In a press briefing Friday, White House press secretary Karoline Leavitt said the president would implement on Saturday a 25 percent tariff on goods from Mexico, a 25 percent tariff on goods from Canada, and a 10 percent tariff on goods from China.
Mr. Trump’s desire to hit allies and competitors alike with tariffs over issues that have little to do with trade demonstrates the president’s willingness to use a powerful economic tool to fulfill his domestic policy agenda, particularly his focus on illegal immigration.
Many businesses and shoppers are expecting higher prices on everything from gas to groceries as President Trump tries to protect America from unfair trade practices by Canada and Mexico.
Many businesses are preparing for the possibility of the tariffs being larger and more widespread. The trade data released on Wednesday shows that in December, imports increased dramatically, suggesting some companies tried to get ahead of tariffs.
“Importers were trying to bring in goods ahead of time,” says Matthew Martdin of Oxford Economics. “Holding inventory isn’t without its costs or its risks. Businesses have reason to believe that there will be enough demand for their inventory to be taken off the market.
The shoppers tried to get around the tariffs. Personal spending on durable goods such as autos and televisions jumped in December, according to figures released Friday by the Commerce Department. Mexico is the main producer of flat-screen TVs.
GM told financial analysts that it might shift some pickup truck production out of Mexico and Canada if tariffs happen.
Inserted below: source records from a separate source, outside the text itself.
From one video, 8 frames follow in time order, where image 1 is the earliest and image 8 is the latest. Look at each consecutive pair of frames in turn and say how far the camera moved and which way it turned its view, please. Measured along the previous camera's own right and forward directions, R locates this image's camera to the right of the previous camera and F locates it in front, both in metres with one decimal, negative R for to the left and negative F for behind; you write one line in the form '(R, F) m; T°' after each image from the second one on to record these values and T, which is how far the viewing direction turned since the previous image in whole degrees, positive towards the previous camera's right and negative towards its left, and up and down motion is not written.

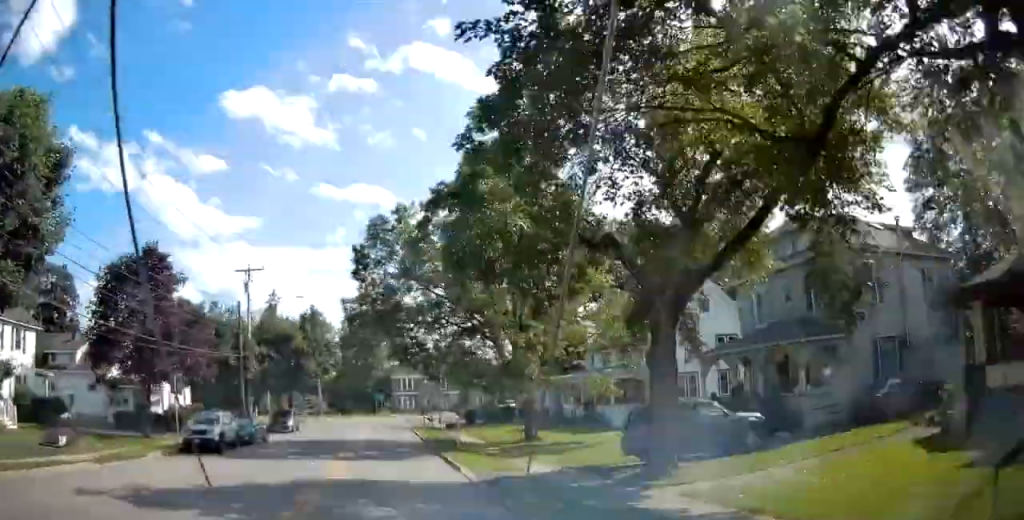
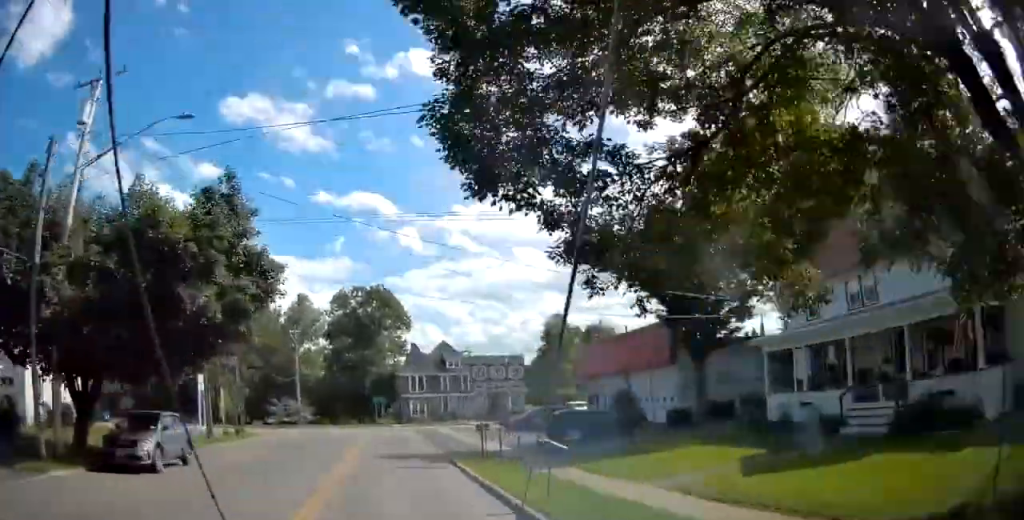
(+0.1, +20.6) m; 0°
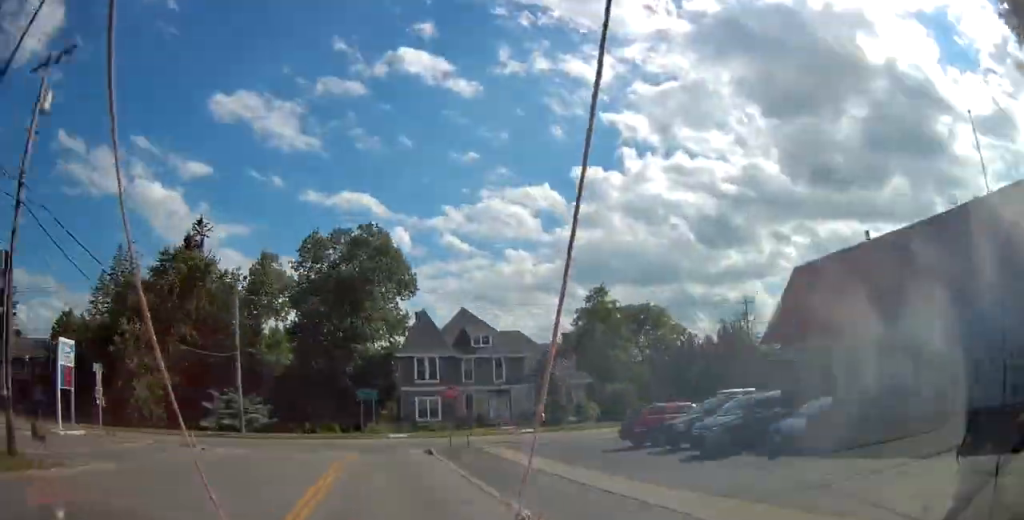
(+0.1, +20.1) m; 0°
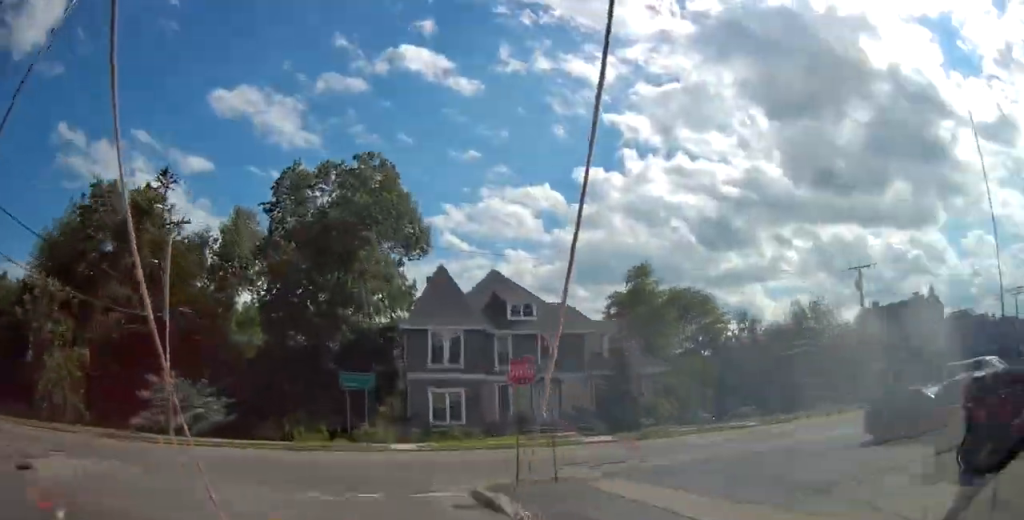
(0.0, +12.2) m; -1°
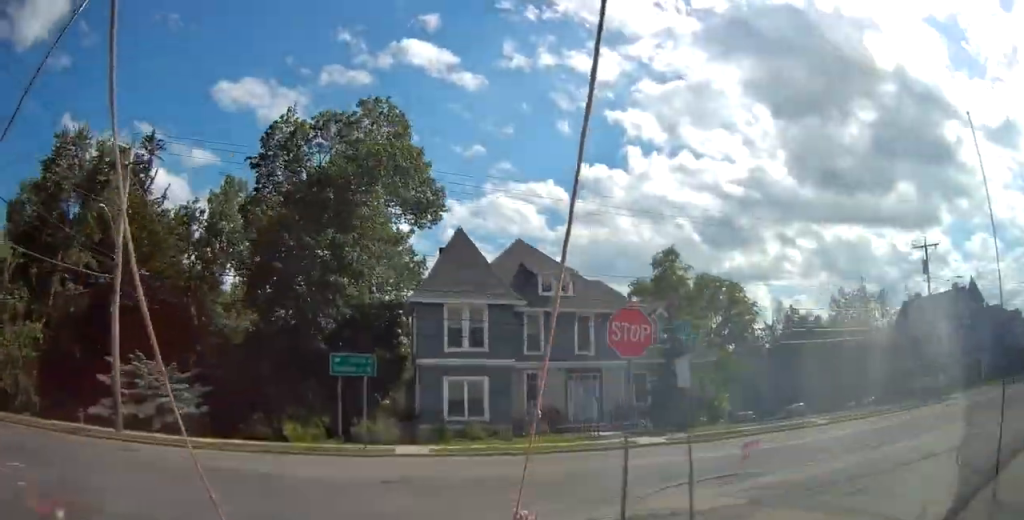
(+0.1, +6.0) m; -7°
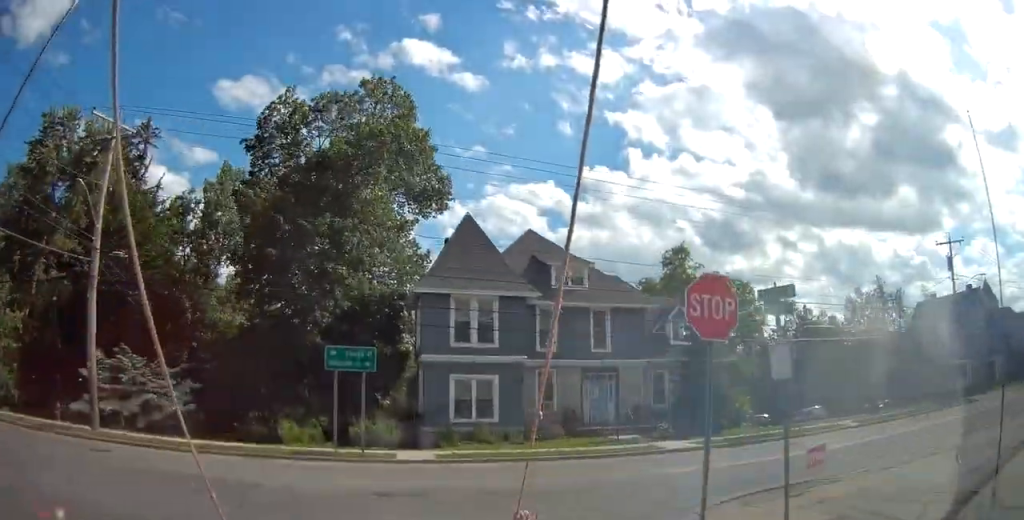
(+0.7, +6.3) m; -8°
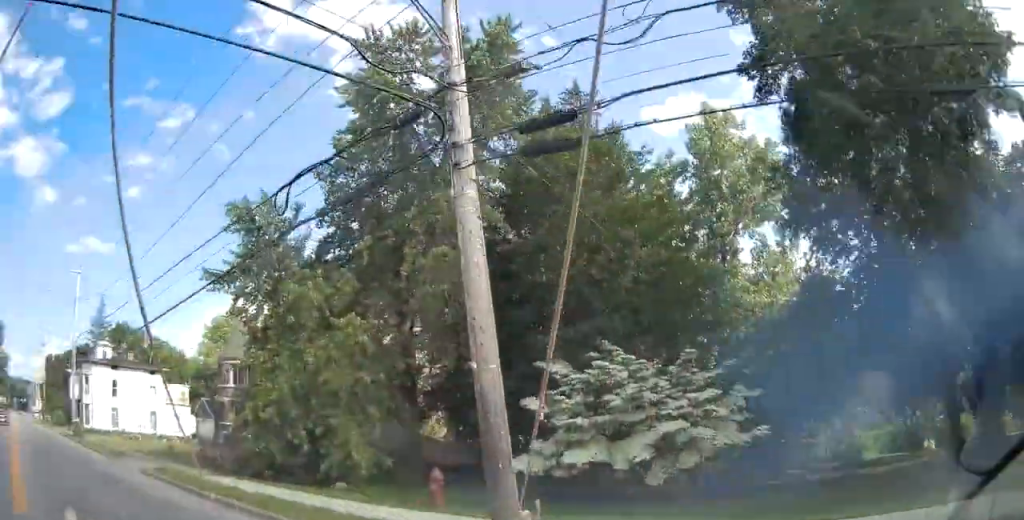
(-16.3, +18.3) m; -69°
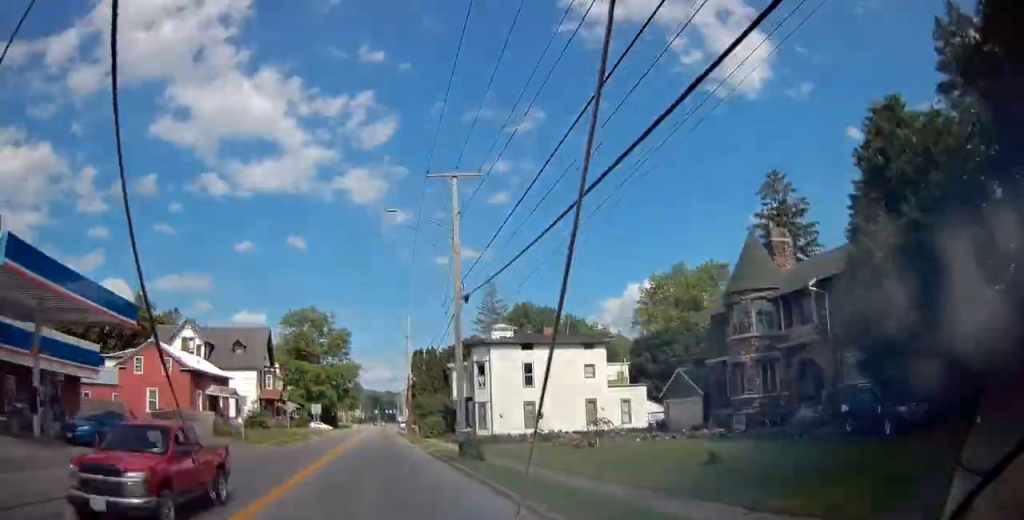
(-2.9, +21.5) m; -7°
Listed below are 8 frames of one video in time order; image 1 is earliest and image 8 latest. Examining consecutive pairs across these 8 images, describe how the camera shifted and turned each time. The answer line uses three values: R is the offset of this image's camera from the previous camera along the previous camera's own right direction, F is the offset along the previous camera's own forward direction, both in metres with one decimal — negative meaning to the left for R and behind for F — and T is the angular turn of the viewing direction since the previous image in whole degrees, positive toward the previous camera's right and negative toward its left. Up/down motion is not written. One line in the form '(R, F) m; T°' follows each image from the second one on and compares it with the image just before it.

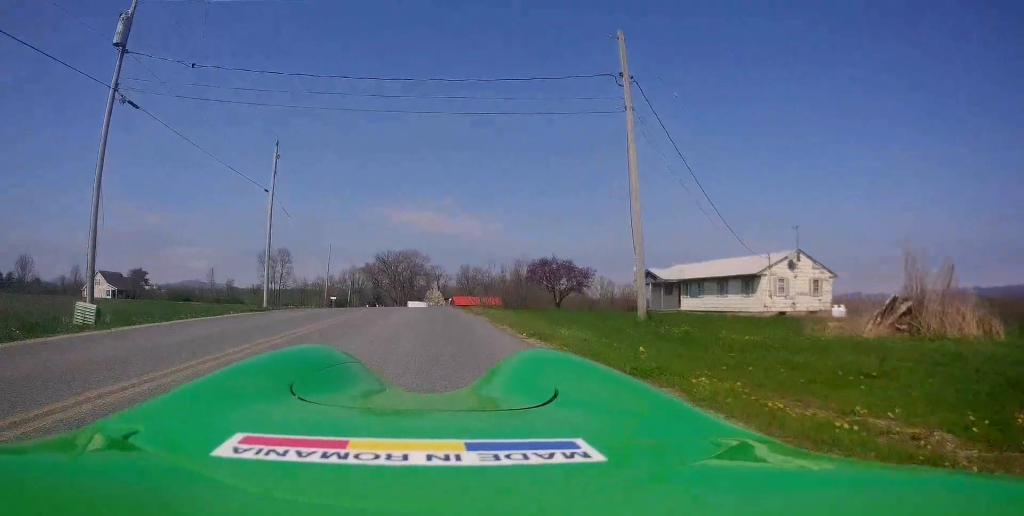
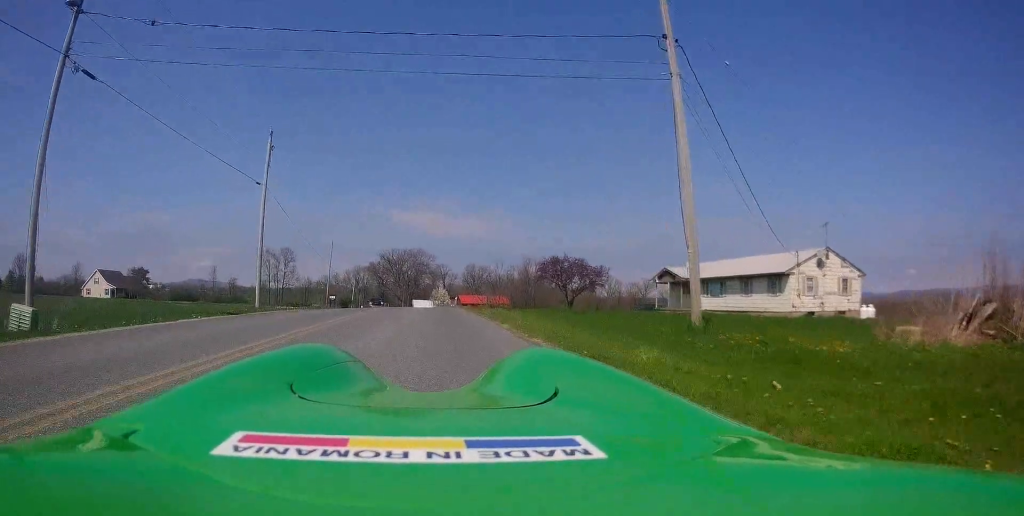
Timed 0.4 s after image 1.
(+0.3, +3.2) m; 0°
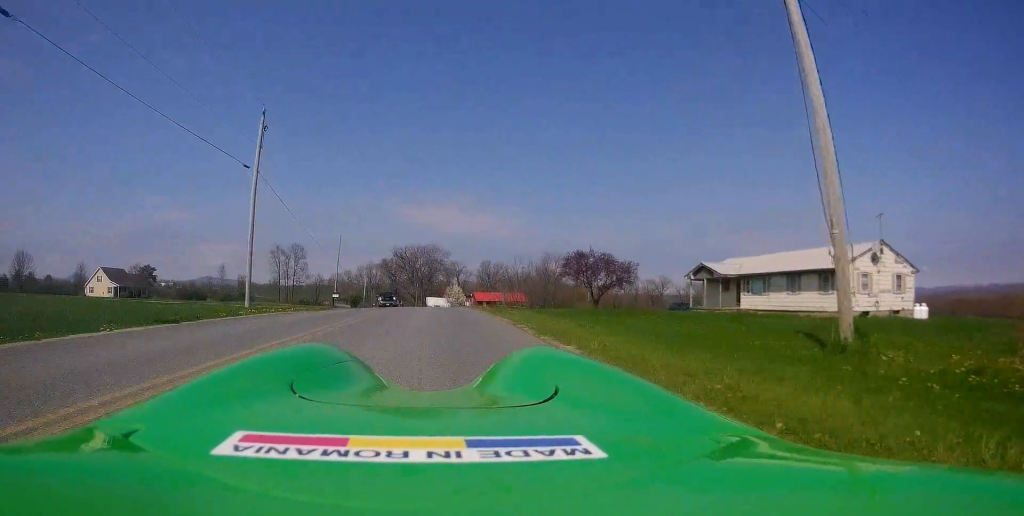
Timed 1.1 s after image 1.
(-0.4, +4.9) m; -3°
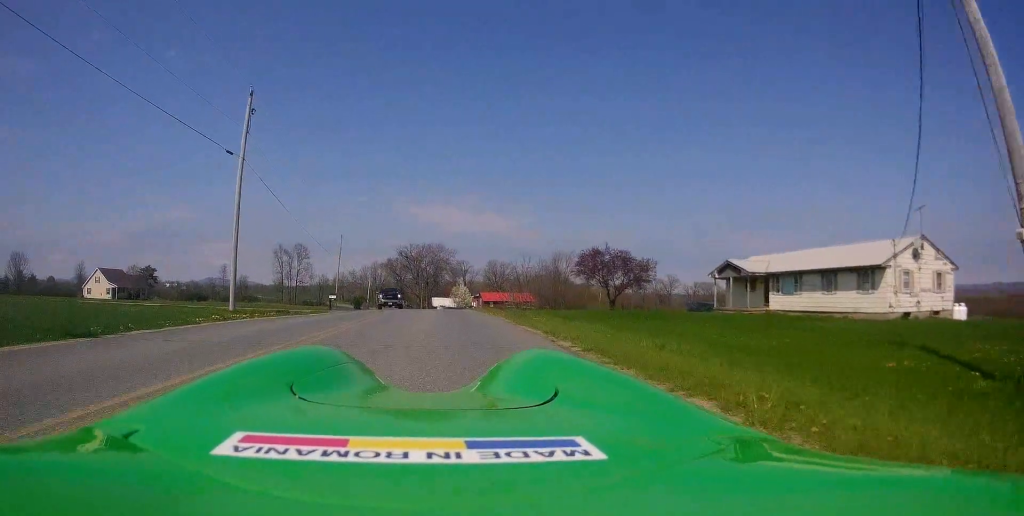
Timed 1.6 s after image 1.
(-0.1, +3.6) m; -2°
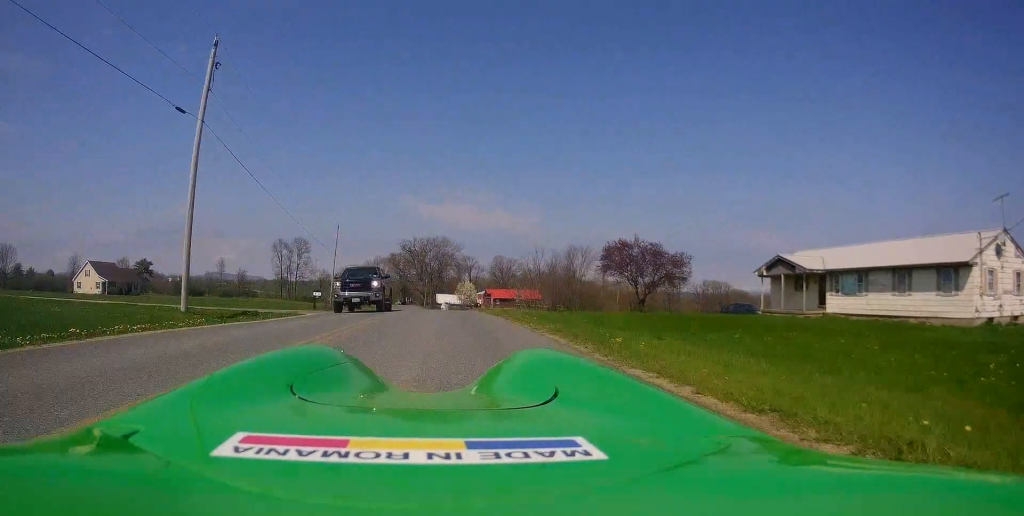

But the automaker is reluctant to act while the trade landscape is still uncertain.
Increasing expenses by 25% is going to lead to higher costs at the pump for U.S. consumers and higher costs for businesses around the country, says Martin
“Increasing expenses by 25% is going to lead to higher costs at the pump for U.S. consumers and higher input costs for businesses around the country,” Martin said.